** Records provided **

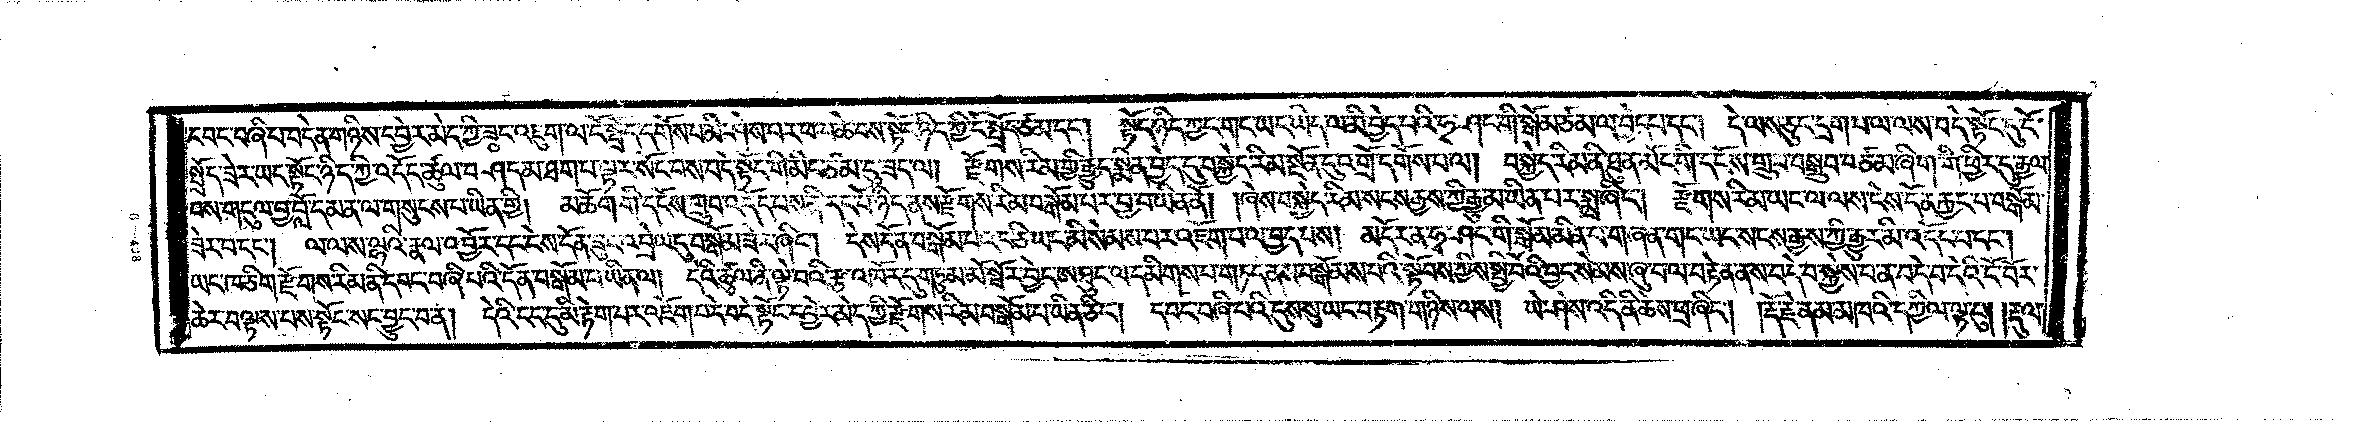དབང་བཞི་པ་བདེན་གཉིས་དབྱེར་མེད་ཀྱི་ཟང་འཇུག་ལ་ངོ་སྤྲོད་དགོས་པ་མི་ཤེས་པར་ཕལ་ཆེ་བས་སྟོང་ཉིད་ཀྱི་ངོ་སྤྲོད་ཙམ་དང་། སྟོང་ཉིད་ཀྱང་གང་ཡང་ཡིད་ལ་མི་བྱེད་པའི་ཧ་ཤང་གི་སྒོམ་ཙམ་ལ་བྱེད་པ་དང་། དེ་ལས་ཅུང་དྲག་པ་ལ་ལས་བདེ་སྟོང་དུ་ངོ་
སྤྲོད་ཟེར་ཡང་སྟོང་ཉིད་ཀྱི་འདོད་ཚུལ་བཤད་མ་ཐག་པ་ལྟར་སོང་བས་བདེ་སྟོང་གི་མིང་ཙམ་དུ་ཟད་ལ། རྫོགས་རིམ་གྱི་རྒྱུད་སྨིན་བྱེད་དུ་བསྐྱེད་རིམ་སྔོན་དུ་འགྲོ་དགོས་པ་ལ། བསྐྱེད་རིམ་ནི་ཐུན་མོང་གི་དངོས་གྲུབ་བསྒྲུབ་པ་ཙམ་ཞིག་གི་ཕྱིར་དུ་རྒྱལ་
བས་གདུལ་བྱ་བློ་དམན་ལ་གསུངས་པ་ཡིན་གྱི། མཆོག་གི་དངོས་གྲུབ་འདོད་པས་ནི་དང་པོ་ཉིད་ནས་རྫོགས་རིམ་བསྒོམ་པར་བྱ་བ་ཡིན་ནོ། །ཞེས་བསྐྱེད་རིམ་སངས་རྒྱས་ཀྱི་རྒྱུ་མ་ཡིན་པར་སྨྲ་ཞིང་། རྫོགས་རིམ་ཡང་ལ་ལས་ངེས་དོན་རྐྱང་པ་བསྒོམ་
ཟེར་བ་དང་། ལ་ལས་ལྷའི་རྣལ་འབྱོར་དང་ངེས་དོན་ཟུང་འབྲེལ་དུ་བསྒོམ་ཟེར་ཞིང་། དེས་དོན་བསྒོམ་པའང་ཅི་ཡང་མི་སེམས་པར་འཇོག་པ་ལ་བྱད་པས། མདོར་ན་ཧྭ་ཤང་གི་སྒོམ་མིན་པ་གཞན་གང་ཡང་སངས་རྒྱས་ཀྱི་རྒྱུར་མི་འདོད་པ་དང་།
ཡང་ཁ་ཅིག་རྫོགས་རིམ་ནི་དབང་བཞི་པའི་དོན་བསྒོམ་པ་ཡིན་ལ། དེའི་ཚུལ་ནི་ལྟེ་བའི་རྩ་འཁོར་དུ་གཏུམ་མོ་སྤོར་བྱེད་ཨ་ཐུང་ལ་དམིགས་པ་གཏད་ནས་བསྒོམས་པའི་སྟོབས་ཀྱིས་སྤྱི་བོའི་བྱང་སེམས་ཞུ་བ་ལ་བརྟེན་ནས་བདེ་བ་སྐྱེས་པ་ན་བདེ་བ་དེའི་ངོ་བོར་
ཆེར་བལྟས་པས་སྟོང་སང་བྱུང་བ་ན། དེའི་ངང་དུ་མི་རྟེག་པར་འཇོག་བདེ་བདེ་སྟོང་དབྱེར་མེད་ཀྱི་རྫོགས་རིམ་བསྒོམ་པ་ཡིན་ཅིང་། དབང་བཞི་པའི་དུས་སུ་ཡང་བརྟག་གཉིས་ལས། ཡེ་ཤེས་འདི་ནི་ཆེས་ཕྲ་ཞིང་། །རྡོ་རྗེ་ནམ་མཁའི་དཀྱིལ་ལྟ་བུ། །རྡུལ་

** Requirement **
From the listing, extract all text exactly as given and drop any picture.

** Your solution **
དབང་བཞི་པ་བདེན་གཉིས་དབྱེར་མེད་ཀྱི་ཟང་འཇུག་ལ་ངོ་སྤྲོད་དགོས་པ་མི་ཤེས་པར་ཕལ་ཆེ་བས་སྟོང་ཉིད་ཀྱི་ངོ་སྤྲོད་ཙམ་དང་། སྟོང་ཉིད་ཀྱང་གང་ཡང་ཡིད་ལ་མི་བྱེད་པའི་ཧ་ཤང་གི་སྒོམ་ཙམ་ལ་བྱེད་པ་དང་། དེ་ལས་ཅུང་དྲག་པ་ལ་ལས་བདེ་སྟོང་དུ་ངོ་
སྤྲོད་ཟེར་ཡང་སྟོང་ཉིད་ཀྱི་འདོད་ཚུལ་བཤད་མ་ཐག་པ་ལྟར་སོང་བས་བདེ་སྟོང་གི་མིང་ཙམ་དུ་ཟད་ལ། རྫོགས་རིམ་གྱི་རྒྱུད་སྨིན་བྱེད་དུ་བསྐྱེད་རིམ་སྔོན་དུ་འགྲོ་དགོས་པ་ལ། བསྐྱེད་རིམ་ནི་ཐུན་མོང་གི་དངོས་གྲུབ་བསྒྲུབ་པ་ཙམ་ཞིག་གི་ཕྱིར་དུ་རྒྱལ་
བས་གདུལ་བྱ་བློ་དམན་ལ་གསུངས་པ་ཡིན་གྱི། མཆོག་གི་དངོས་གྲུབ་འདོད་པས་ནི་དང་པོ་ཉིད་ནས་རྫོགས་རིམ་བསྒོམ་པར་བྱ་བ་ཡིན་ནོ། །ཞེས་བསྐྱེད་རིམ་སངས་རྒྱས་ཀྱི་རྒྱུ་མ་ཡིན་པར་སྨྲ་ཞིང་། རྫོགས་རིམ་ཡང་ལ་ལས་ངེས་དོན་རྐྱང་པ་བསྒོམ་
ཟེར་བ་དང་། ལ་ལས་ལྷའི་རྣལ་འབྱོར་དང་ངེས་དོན་ཟུང་འབྲེལ་དུ་བསྒོམ་ཟེར་ཞིང་། དེས་དོན་བསྒོམ་པའང་ཅི་ཡང་མི་སེམས་པར་འཇོག་པ་ལ་བྱད་པས། མདོར་ན་ཧྭ་ཤང་གི་སྒོམ་མིན་པ་གཞན་གང་ཡང་སངས་རྒྱས་ཀྱི་རྒྱུར་མི་འདོད་པ་དང་།
ཡང་ཁ་ཅིག་རྫོགས་རིམ་ནི་དབང་བཞི་པའི་དོན་བསྒོམ་པ་ཡིན་ལ། དེའི་ཚུལ་ནི་ལྟེ་བའི་རྩ་འཁོར་དུ་གཏུམ་མོ་སྤོར་བྱེད་ཨ་ཐུང་ལ་དམིགས་པ་གཏད་ནས་བསྒོམས་པའི་སྟོབས་ཀྱིས་སྤྱི་བོའི་བྱང་སེམས་ཞུ་བ་ལ་བརྟེན་ནས་བདེ་བ་སྐྱེས་པ་ན་བདེ་བ་དེའི་ངོ་བོར་
ཆེར་བལྟས་པས་སྟོང་སང་བྱུང་བ་ན། དེའི་ངང་དུ་མི་རྟེག་པར་འཇོག་བདེ་བདེ་སྟོང་དབྱེར་མེད་ཀྱི་རྫོགས་རིམ་བསྒོམ་པ་ཡིན་ཅིང་། དབང་བཞི་པའི་དུས་སུ་ཡང་བརྟག་གཉིས་ལས། ཡེ་ཤེས་འདི་ནི་ཆེས་ཕྲ་ཞིང་། །རྡོ་རྗེ་ནམ་མཁའི་དཀྱིལ་ལྟ་བུ། །རྡུལ་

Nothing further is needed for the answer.